Collection entries

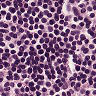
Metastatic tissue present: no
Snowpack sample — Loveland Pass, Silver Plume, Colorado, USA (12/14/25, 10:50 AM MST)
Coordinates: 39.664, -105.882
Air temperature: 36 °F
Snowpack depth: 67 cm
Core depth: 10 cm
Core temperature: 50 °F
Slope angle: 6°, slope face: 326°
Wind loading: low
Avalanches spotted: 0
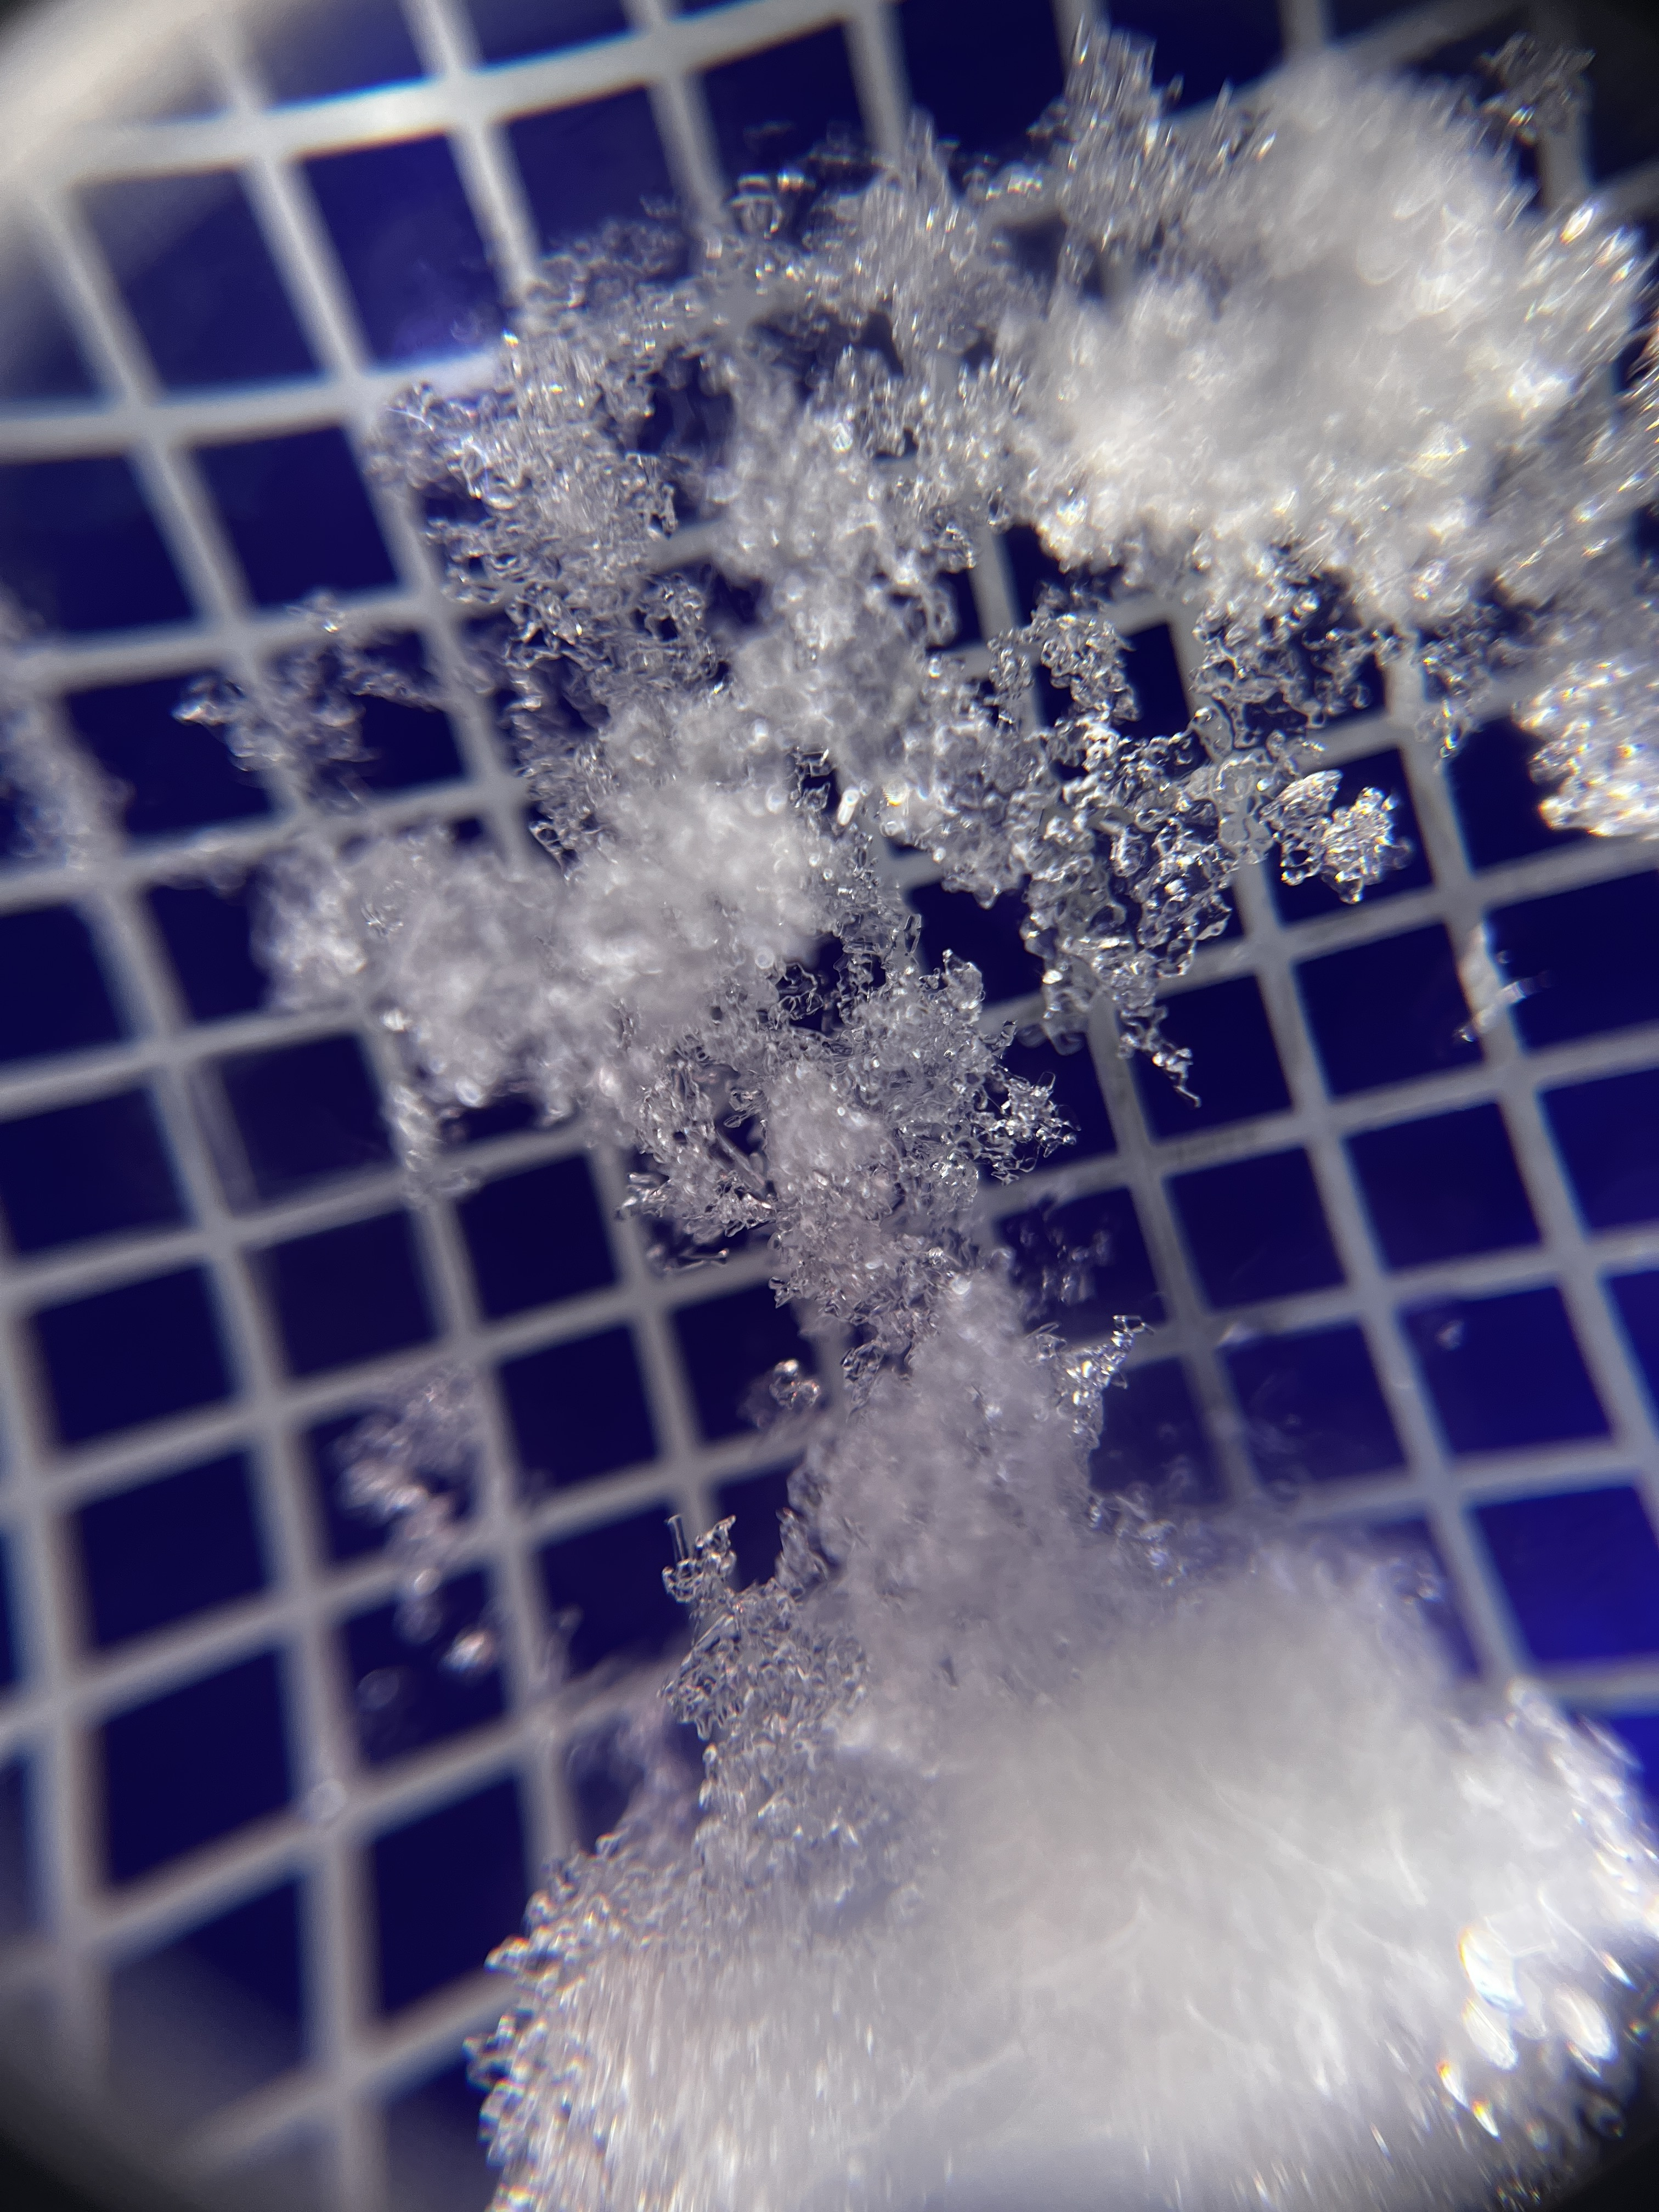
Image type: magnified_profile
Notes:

■ **What the task requires**: Leaving the pictures out, copy exactly the lines from the line that contains "Air temperature: 36 °F" to the last line of the data, both ends included.

■ **Task result**:
Air temperature: 36 °F
Snowpack depth: 67 cm
Core depth: 10 cm
Core temperature: 50 °F
Slope angle: 6°, slope face: 326°
Wind loading: low
Avalanches spotted: 0
Image type: magnified_profile
Notes:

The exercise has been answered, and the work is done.